___ MATERIAL PROVIDED ___

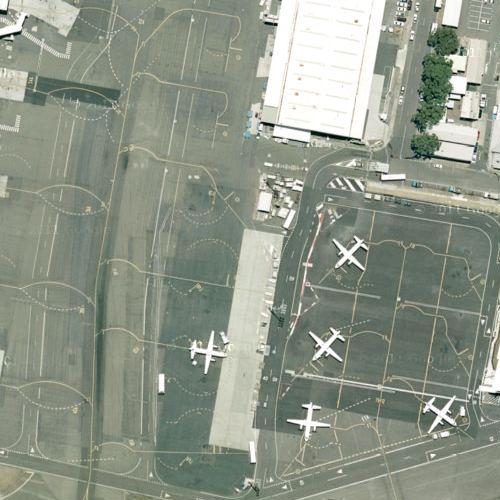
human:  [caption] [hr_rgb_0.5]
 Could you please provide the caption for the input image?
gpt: There is a white airplane parked on the airport with some buildings surrounded .

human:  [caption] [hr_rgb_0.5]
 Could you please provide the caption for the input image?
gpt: A white airplane parked on the airport with some buildings surrounded .

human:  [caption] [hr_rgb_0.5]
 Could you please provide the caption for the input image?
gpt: A white airplane parked on the airport with some white buildings surrounded .

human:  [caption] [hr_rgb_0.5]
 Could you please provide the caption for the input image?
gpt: A white airplane parked on the airport with some airport buildings surrounded .

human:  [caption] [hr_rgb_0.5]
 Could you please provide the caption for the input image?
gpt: A white airplane parked on the airport with some buildings surrounded .
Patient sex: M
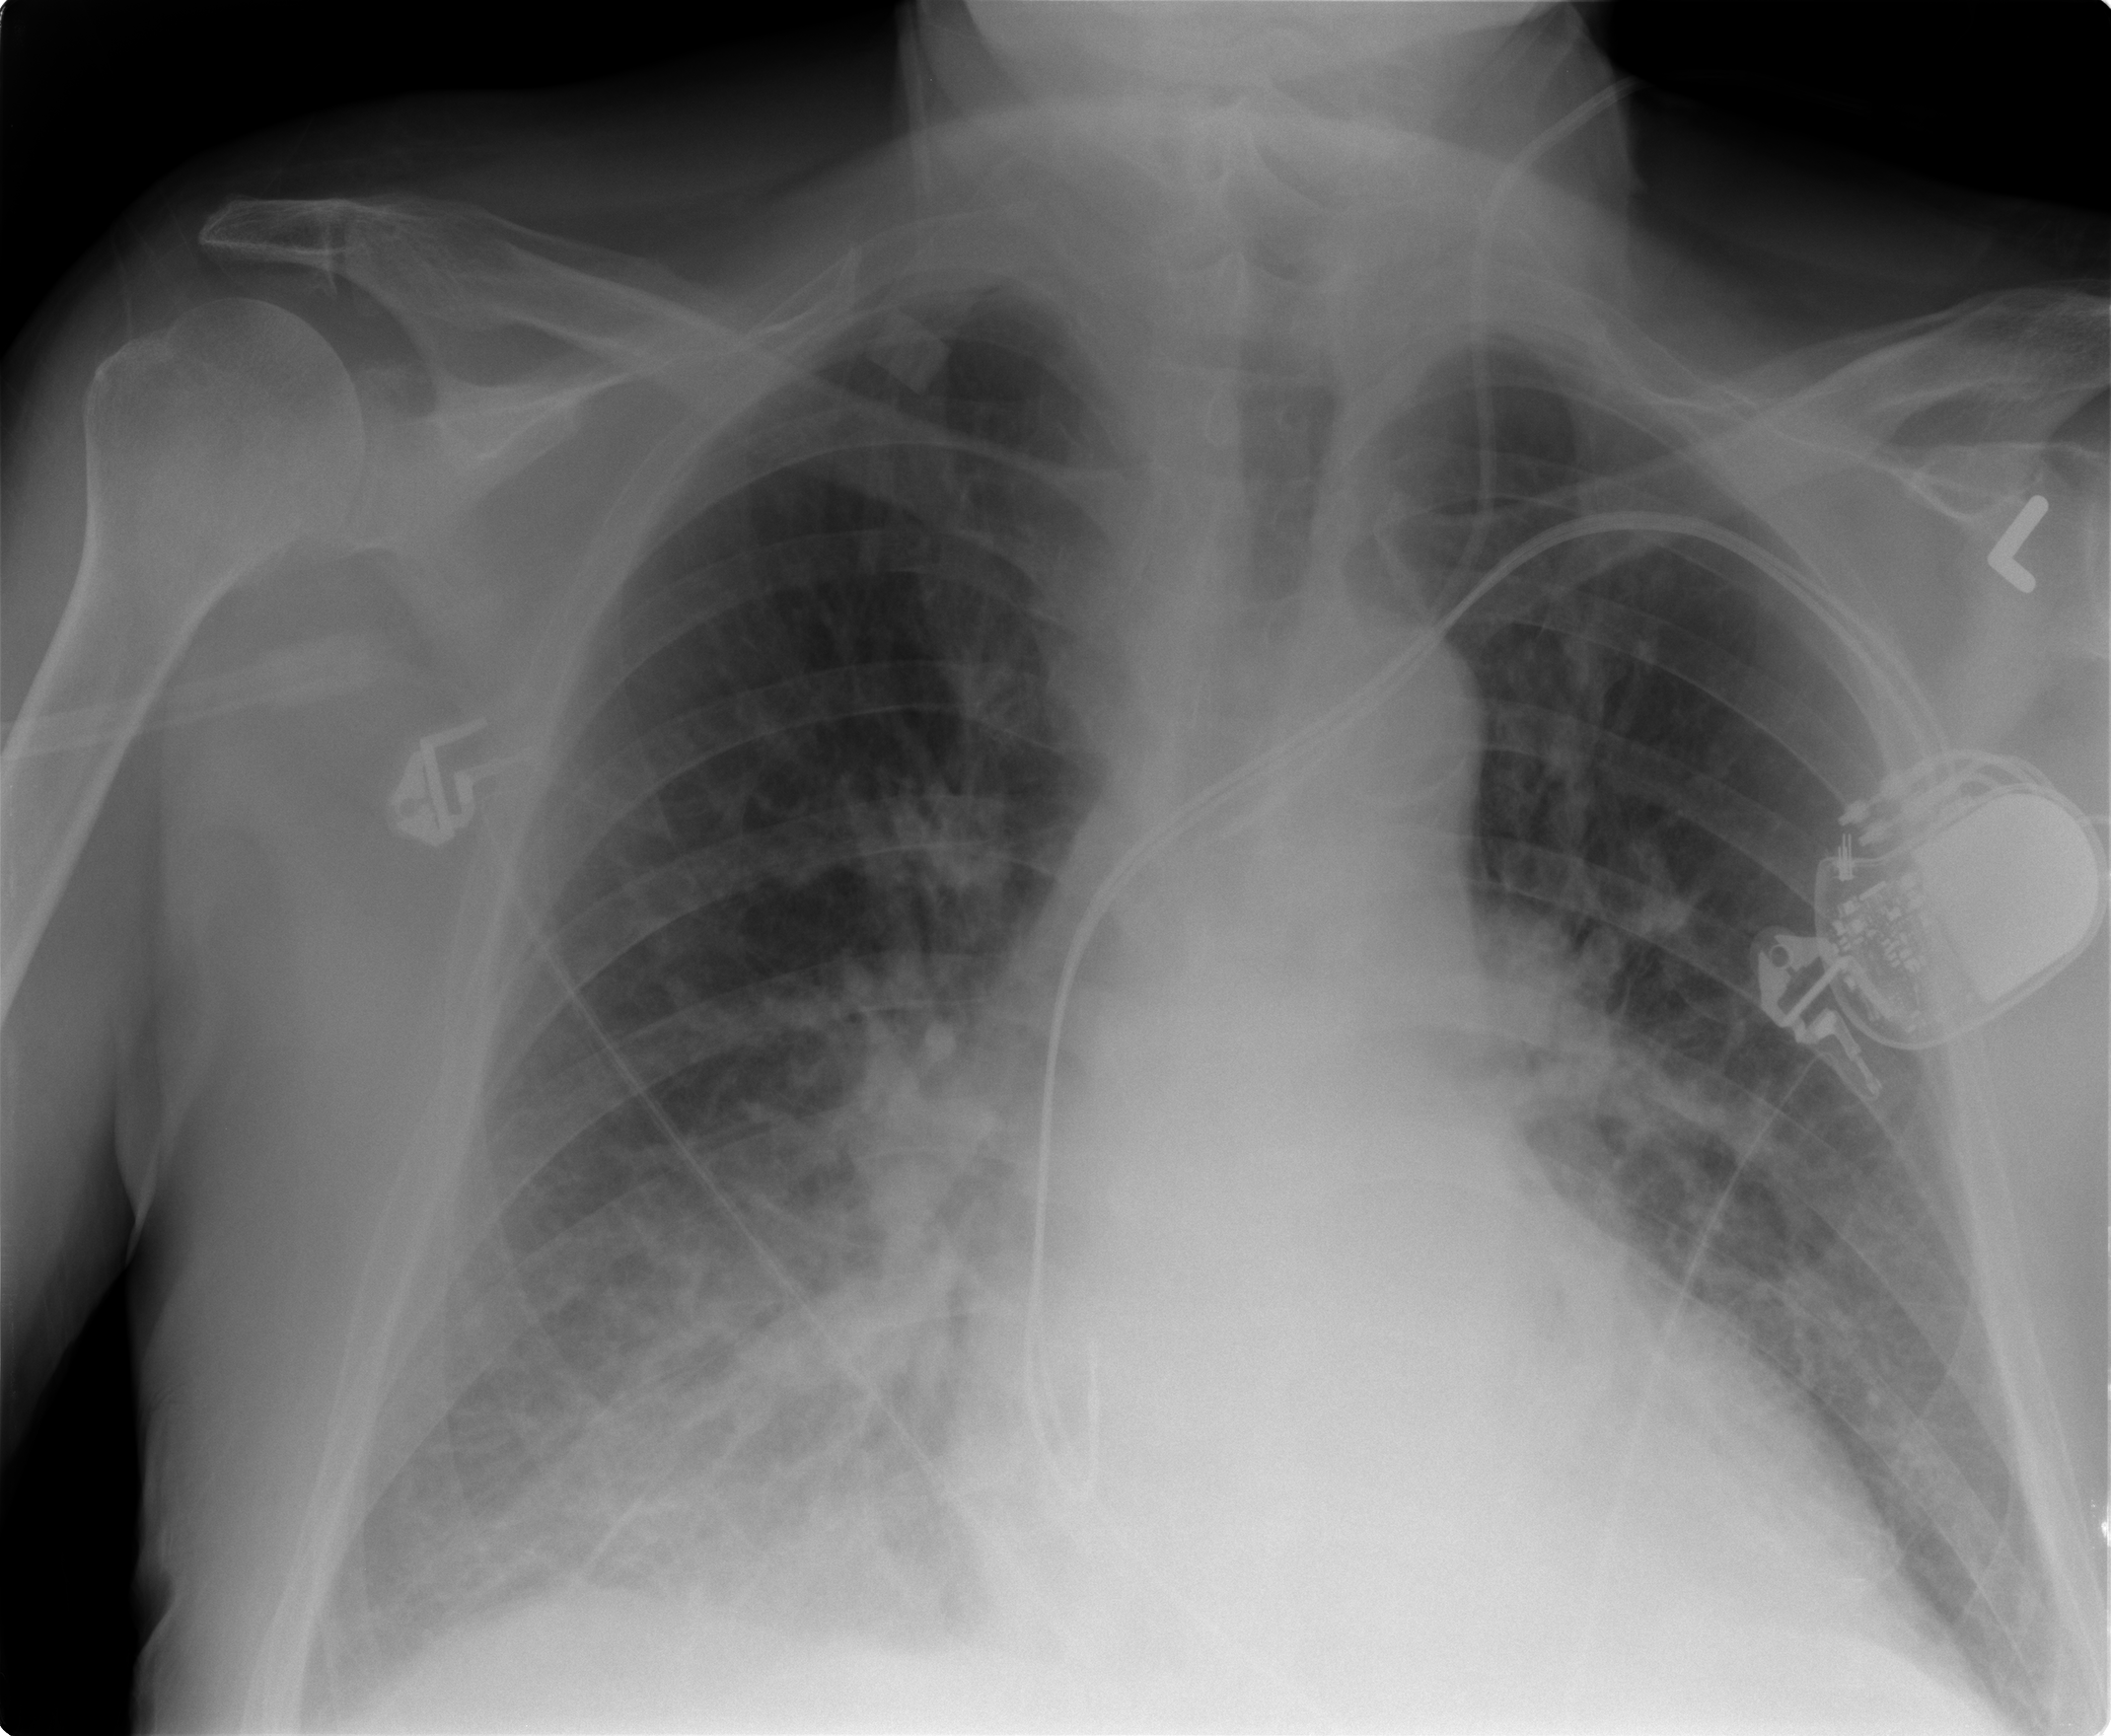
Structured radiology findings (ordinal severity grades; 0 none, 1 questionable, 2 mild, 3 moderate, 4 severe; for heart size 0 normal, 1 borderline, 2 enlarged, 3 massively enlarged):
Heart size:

___

TASK DESCRIPTION.
A word-for-word copy of the entries is needed, with no pictures in it.

RESULT BELOW.
human:  [caption] [hr_rgb_0.5]
 Could you please provide the caption for the input image?
gpt: There is a white airplane parked on the airport with some buildings surrounded .

human:  [caption] [hr_rgb_0.5]
 Could you please provide the caption for the input image?
gpt: A white airplane parked on the airport with some buildings surrounded .

human:  [caption] [hr_rgb_0.5]
 Could you please provide the caption for the input image?
gpt: A white airplane parked on the airport with some white buildings surrounded .

human:  [caption] [hr_rgb_0.5]
 Could you please provide the caption for the input image?
gpt: A white airplane parked on the airport with some airport buildings surrounded .

human:  [caption] [hr_rgb_0.5]
 Could you please provide the caption for the input image?
gpt: A white airplane parked on the airport with some buildings surrounded .
Patient sex: M
Structured radiology findings (ordinal severity grades; 0 none, 1 questionable, 2 mild, 3 moderate, 4 severe; for heart size 0 normal, 1 borderline, 2 enlarged, 3 massively enlarged):
Heart size:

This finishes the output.